[Entries taken from a collection]
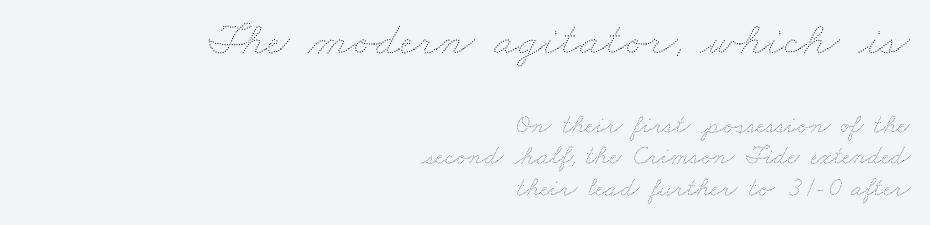
The image shows 48 px thin, wide type; set right-aligned, line spacing 1.16x, normal letter spacing, not underlined; the first (top) block is 1.78x larger; medium stroke contrast and a small x-height.
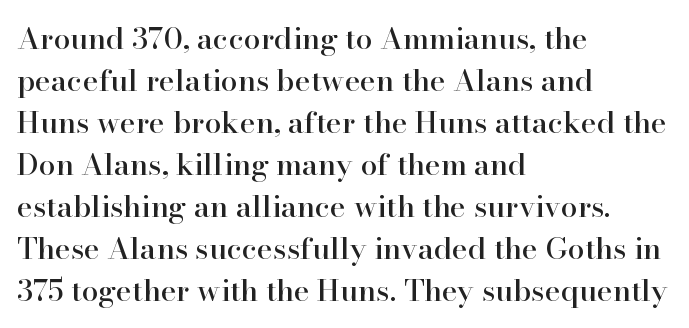
{"serif": "yes", "italic": "no", "width": "normal", "stroke_contrast": "high", "x_height": "small", "monospaced": "no", "underline": "no", "align": "left", "line_spacing": "normal", "line_spacing_ratio": 1.4, "letter_spacing": "normal", "letter_spacing_em": 0.0, "glyph_px": 30}
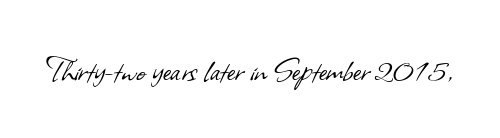
{"serif": "no", "bold": "no", "weight": "light", "width": "normal", "stroke_contrast": "low", "x_height": "small", "monospaced": "no", "underline": "no", "letter_spacing": "normal", "letter_spacing_em": 0.0, "glyph_px": 39}
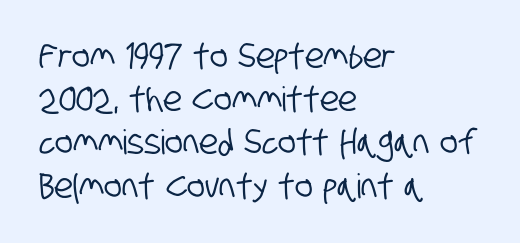
The image shows 34 px condensed sans-serif type; set left-aligned, normal line spacing (1.27x), normal letter spacing, not underlined; low stroke contrast and a large x-height.
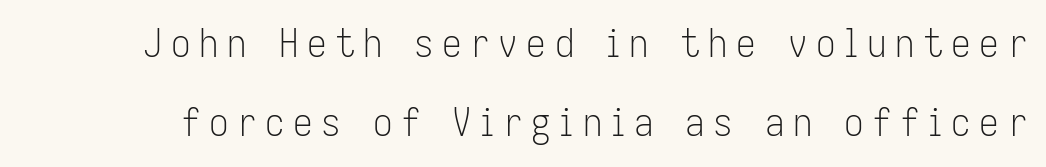
Serifs: no, the terminals of the letterforms are clean. The glyphs are unaccompanied by any horizontal stroke below them. Observe the wide spacing: letters keep a clear distance from each other. Note the varied advance widths — an 'i' is clearly narrower than an 'm'. Rendered with straight, roman letterforms.
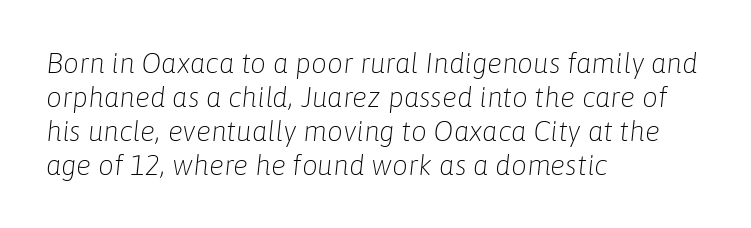
{"italic": "yes", "lean": "right", "slant_degrees": 6, "bold": "no", "weight": "light", "width": "normal", "stroke_contrast": "low", "x_height": "medium", "monospaced": "no", "underline": "no", "align": "left", "line_spacing_ratio": 1.22, "letter_spacing": "normal", "letter_spacing_em": 0.0, "glyph_px": 28}
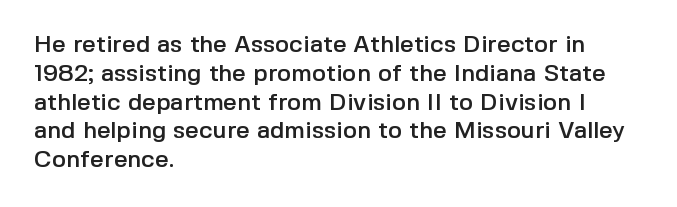
The image shows 24 px text type, upright; set left-aligned, line spacing 1.2x, normal letter spacing, not underlined.
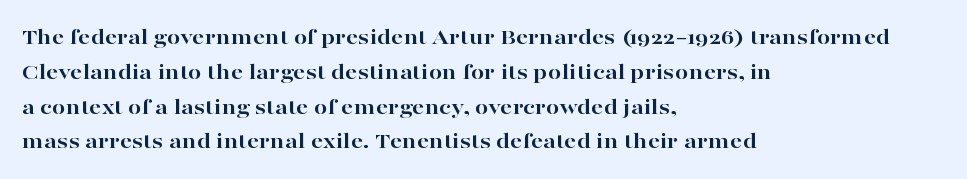
Q: Is the text bold? A: Yes.
Q: Is the text italic (slanted)? A: No, it is upright.
Q: Is the text underlined? A: No.
Q: How is the paragraph aligned? A: Left-aligned.
Q: Is the spacing between letters normal or unusually wide? A: Normal.
Q: Is the spacing between lines tight, normal or loose? A: Normal.
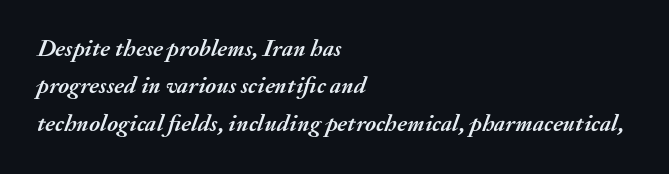
{"italic": "yes", "lean": "right", "slant_degrees": 20, "bold": "yes", "underline": "no", "align": "left", "line_spacing": "normal", "line_spacing_ratio": 1.56, "letter_spacing": "normal", "letter_spacing_em": 0.0, "glyph_px": 24}
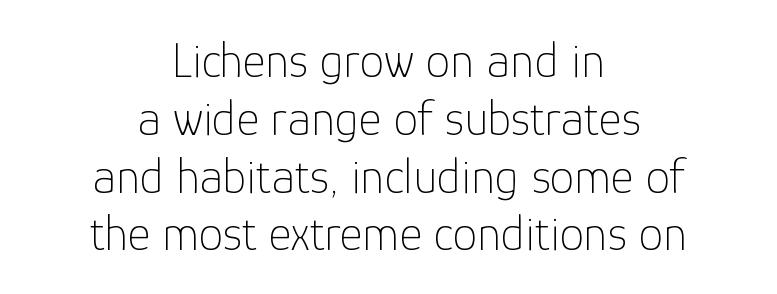
The image shows 49 px thin sans-serif type, upright; set centered, line spacing 1.18x, normal letter spacing, not underlined; low stroke contrast and a medium x-height.
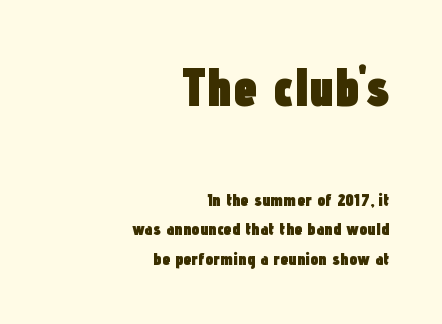
Q: Is the text bold? A: Yes.
Q: Is the text italic (slanted)? A: No, it is upright.
Q: Is the typeface a serif or a sans-serif typeface? A: Sans-serif.
Q: Is the text underlined? A: No.
Q: How is the paragraph aligned? A: Right-aligned.
Q: Is the spacing between letters normal or unusually wide? A: Normal.
Q: Is the spacing between lines tight, normal or loose? A: Normal.
Q: Which block of text is set in a larger size, the first (top) or the second (bottom)? A: The first (top) one.
Q: Width (condensed, normal, or wide)? A: Condensed.
Q: Stroke contrast? A: Low.
Q: x-height? A: Medium.
Q: Monospaced? A: No.
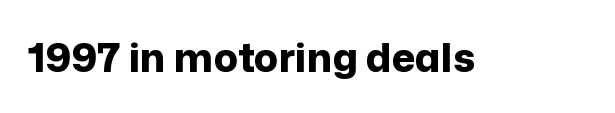
The image shows 40 px bold sans-serif type, upright; set normal letter spacing, not underlined; low stroke contrast and a medium x-height.
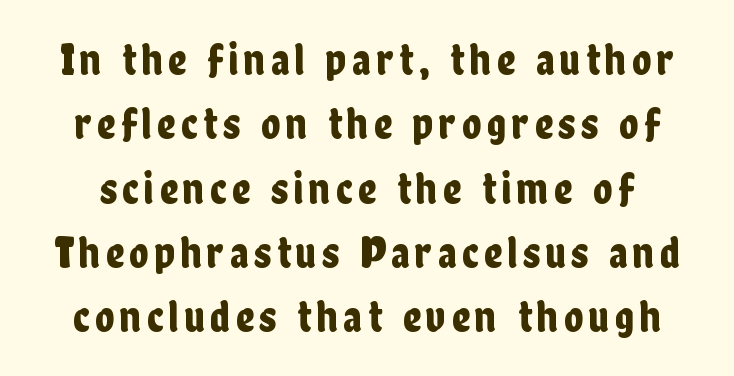
Glance below the letters and you will spot only blank space. The font's upright variant was chosen for this text. Looks like regular typesetting: each glyph gets only the width it needs. Each new line begins a customary step beneath the previous one.
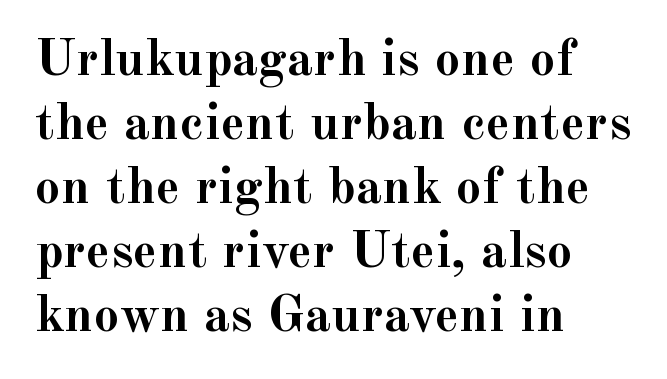
Q: Is the text bold? A: Yes.
Q: Is the text italic (slanted)? A: No, it is upright.
Q: Is the typeface a serif or a sans-serif typeface? A: Serif.
Q: Is the text underlined? A: No.
Q: How is the paragraph aligned? A: Left-aligned.
Q: Is the spacing between letters normal or unusually wide? A: Normal.
Q: Width (condensed, normal, or wide)? A: Normal.
Q: x-height? A: Small.
Q: Monospaced? A: No.
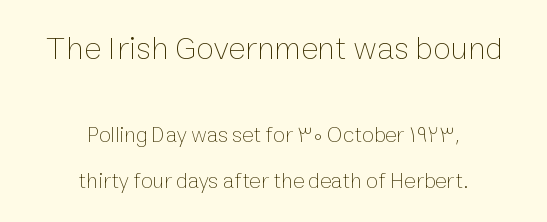
The image shows 33 px thin type, upright; set centered, loose line spacing (2.11x), normal letter spacing, not underlined; the first (top) block is 1.5x larger; low stroke contrast and a medium x-height.
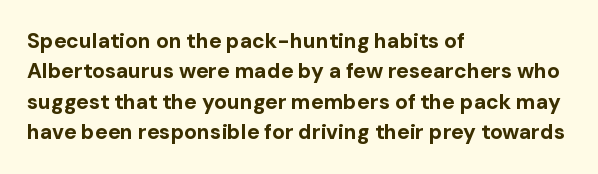
{"italic": "no", "bold": "yes", "underline": "no", "align": "left", "line_spacing": "normal", "line_spacing_ratio": 1.45, "letter_spacing": "normal", "letter_spacing_em": 0.0, "glyph_px": 21}
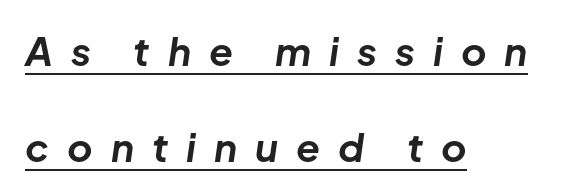
Q: Is the text bold? A: Yes.
Q: Is the text italic (slanted)? A: Yes, it leans right by about 8 degrees.
Q: Is the text underlined? A: Yes.
Q: How is the paragraph aligned? A: Left-aligned.
Q: Is the spacing between letters normal or unusually wide? A: Unusually wide.
Q: Is the spacing between lines tight, normal or loose? A: Loose.
Q: Width (condensed, normal, or wide)? A: Normal.
Q: Stroke contrast? A: Low.
Q: x-height? A: Medium.
Q: Monospaced? A: No.
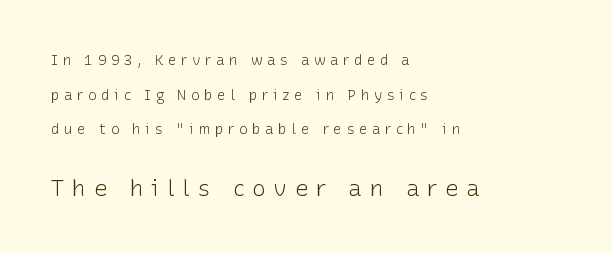
{"italic": "no", "bold": "no", "underline": "no", "align": "left", "line_spacing": "loose", "line_spacing_ratio": 2.48, "letter_spacing": "wide", "letter_spacing_em": 0.33, "larger_block": "second", "size_ratio": 1.64, "glyph_px": 23}
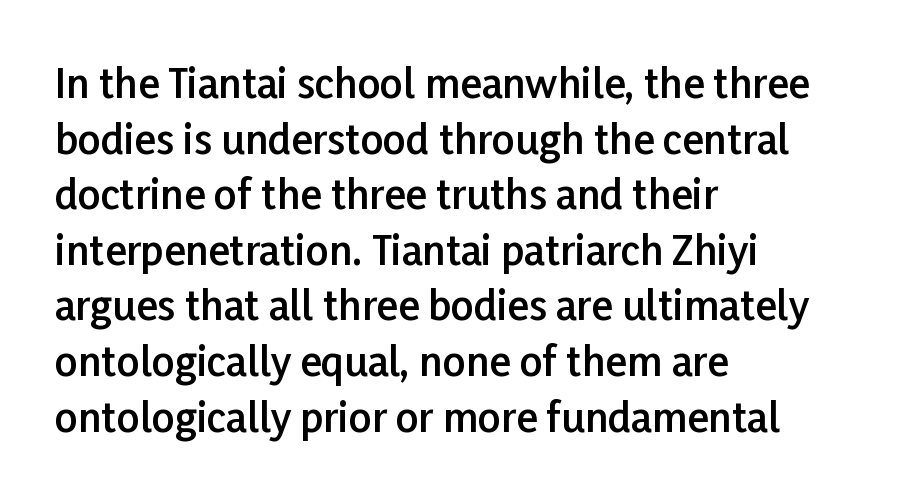
This is roman type, the default non-slanted kind. Quick note: interline space is typical. The face used here is proportionally spaced, like ordinary book or web type. The passage is arranged the way most books set body copy — flush left. Default kerning and tracking; the words read as compact shapes.
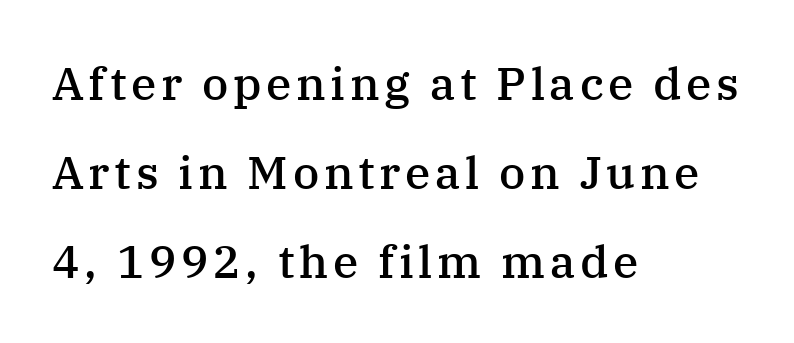
{"serif": "yes", "italic": "no", "bold": "semi", "weight": "semibold", "width": "normal", "stroke_contrast": "medium", "x_height": "medium", "monospaced": "no", "underline": "no", "align": "left", "line_spacing": "loose", "line_spacing_ratio": 1.93, "glyph_px": 46}
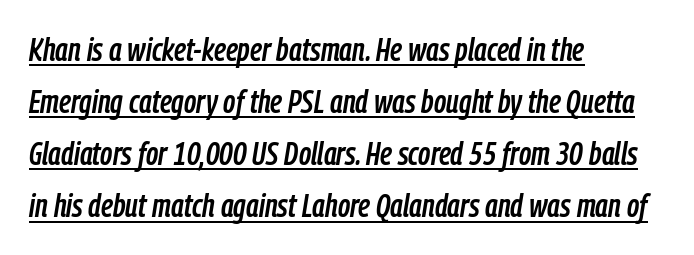
The image shows 33 px condensed type, italic (leaning right); set left-aligned, normal line spacing (1.58x), normal letter spacing, underlined; low stroke contrast and a medium x-height.
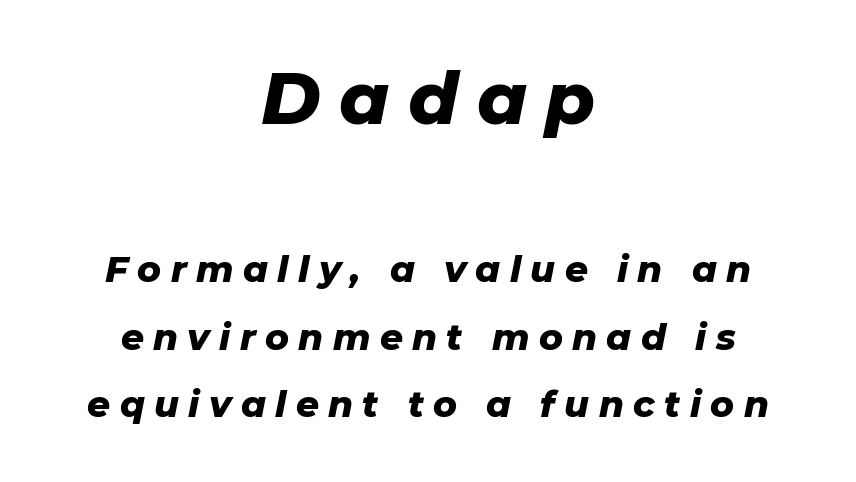
{"italic": "yes", "lean": "right", "slant_degrees": 11, "bold": "yes", "weight": "heavy", "width": "normal", "stroke_contrast": "low", "x_height": "medium", "monospaced": "no", "underline": "no", "align": "center", "line_spacing_ratio": 1.88, "letter_spacing": "wide", "letter_spacing_em": 0.26, "larger_block": "first", "size_ratio": 2.0, "glyph_px": 72}

_Work to complete_
Omitting the pictures, copy each record above exactly as it stands.

_Response_
The image shows 48 px thin, wide type; set right-aligned, line spacing 1.16x, normal letter spacing, not underlined; the first (top) block is 1.78x larger; medium stroke contrast and a small x-height.
{"serif": "yes", "italic": "no", "width": "normal", "stroke_contrast": "high", "x_height": "small", "monospaced": "no", "underline": "no", "align": "left", "line_spacing": "normal", "line_spacing_ratio": 1.4, "letter_spacing": "normal", "letter_spacing_em": 0.0, "glyph_px": 30}
{"serif": "no", "bold": "no", "weight": "light", "width": "normal", "stroke_contrast": "low", "x_height": "small", "monospaced": "no", "underline": "no", "letter_spacing": "normal", "letter_spacing_em": 0.0, "glyph_px": 39}
The image shows 34 px condensed sans-serif type; set left-aligned, normal line spacing (1.27x), normal letter spacing, not underlined; low stroke contrast and a large x-height.
Serifs: no, the terminals of the letterforms are clean. The glyphs are unaccompanied by any horizontal stroke below them. Observe the wide spacing: letters keep a clear distance from each other. Note the varied advance widths — an 'i' is clearly narrower than an 'm'. Rendered with straight, roman letterforms.
{"italic": "yes", "lean": "right", "slant_degrees": 6, "bold": "no", "weight": "light", "width": "normal", "stroke_contrast": "low", "x_height": "medium", "monospaced": "no", "underline": "no", "align": "left", "line_spacing_ratio": 1.22, "letter_spacing": "normal", "letter_spacing_em": 0.0, "glyph_px": 28}
The image shows 24 px text type, upright; set left-aligned, line spacing 1.2x, normal letter spacing, not underlined.
Q: Is the text bold? A: Yes.
Q: Is the text italic (slanted)? A: No, it is upright.
Q: Is the text underlined? A: No.
Q: How is the paragraph aligned? A: Left-aligned.
Q: Is the spacing between letters normal or unusually wide? A: Normal.
Q: Is the spacing between lines tight, normal or loose? A: Normal.
{"italic": "yes", "lean": "right", "slant_degrees": 20, "bold": "yes", "underline": "no", "align": "left", "line_spacing": "normal", "line_spacing_ratio": 1.56, "letter_spacing": "normal", "letter_spacing_em": 0.0, "glyph_px": 24}
The image shows 49 px thin sans-serif type, upright; set centered, line spacing 1.18x, normal letter spacing, not underlined; low stroke contrast and a medium x-height.
Q: Is the text bold? A: Yes.
Q: Is the text italic (slanted)? A: No, it is upright.
Q: Is the typeface a serif or a sans-serif typeface? A: Sans-serif.
Q: Is the text underlined? A: No.
Q: How is the paragraph aligned? A: Right-aligned.
Q: Is the spacing between letters normal or unusually wide? A: Normal.
Q: Is the spacing between lines tight, normal or loose? A: Normal.
Q: Which block of text is set in a larger size, the first (top) or the second (bottom)? A: The first (top) one.
Q: Width (condensed, normal, or wide)? A: Condensed.
Q: Stroke contrast? A: Low.
Q: x-height? A: Medium.
Q: Monospaced? A: No.
The image shows 40 px bold sans-serif type, upright; set normal letter spacing, not underlined; low stroke contrast and a medium x-height.
Glance below the letters and you will spot only blank space. The font's upright variant was chosen for this text. Looks like regular typesetting: each glyph gets only the width it needs. Each new line begins a customary step beneath the previous one.
Q: Is the text bold? A: Yes.
Q: Is the text italic (slanted)? A: No, it is upright.
Q: Is the typeface a serif or a sans-serif typeface? A: Serif.
Q: Is the text underlined? A: No.
Q: How is the paragraph aligned? A: Left-aligned.
Q: Is the spacing between letters normal or unusually wide? A: Normal.
Q: Width (condensed, normal, or wide)? A: Normal.
Q: x-height? A: Small.
Q: Monospaced? A: No.
The image shows 33 px thin type, upright; set centered, loose line spacing (2.11x), normal letter spacing, not underlined; the first (top) block is 1.5x larger; low stroke contrast and a medium x-height.
{"italic": "no", "bold": "yes", "underline": "no", "align": "left", "line_spacing": "normal", "line_spacing_ratio": 1.45, "letter_spacing": "normal", "letter_spacing_em": 0.0, "glyph_px": 21}
Q: Is the text bold? A: Yes.
Q: Is the text italic (slanted)? A: Yes, it leans right by about 8 degrees.
Q: Is the text underlined? A: Yes.
Q: How is the paragraph aligned? A: Left-aligned.
Q: Is the spacing between letters normal or unusually wide? A: Unusually wide.
Q: Is the spacing between lines tight, normal or loose? A: Loose.
Q: Width (condensed, normal, or wide)? A: Normal.
Q: Stroke contrast? A: Low.
Q: x-height? A: Medium.
Q: Monospaced? A: No.
{"italic": "no", "bold": "no", "underline": "no", "align": "left", "line_spacing": "loose", "line_spacing_ratio": 2.48, "letter_spacing": "wide", "letter_spacing_em": 0.33, "larger_block": "second", "size_ratio": 1.64, "glyph_px": 23}
This is roman type, the default non-slanted kind. Quick note: interline space is typical. The face used here is proportionally spaced, like ordinary book or web type. The passage is arranged the way most books set body copy — flush left. Default kerning and tracking; the words read as compact shapes.
{"serif": "yes", "italic": "no", "bold": "semi", "weight": "semibold", "width": "normal", "stroke_contrast": "medium", "x_height": "medium", "monospaced": "no", "underline": "no", "align": "left", "line_spacing": "loose", "line_spacing_ratio": 1.93, "glyph_px": 46}
The image shows 33 px condensed type, italic (leaning right); set left-aligned, normal line spacing (1.58x), normal letter spacing, underlined; low stroke contrast and a medium x-height.
{"italic": "yes", "lean": "right", "slant_degrees": 11, "bold": "yes", "weight": "heavy", "width": "normal", "stroke_contrast": "low", "x_height": "medium", "monospaced": "no", "underline": "no", "align": "center", "line_spacing_ratio": 1.88, "letter_spacing": "wide", "letter_spacing_em": 0.26, "larger_block": "first", "size_ratio": 2.0, "glyph_px": 72}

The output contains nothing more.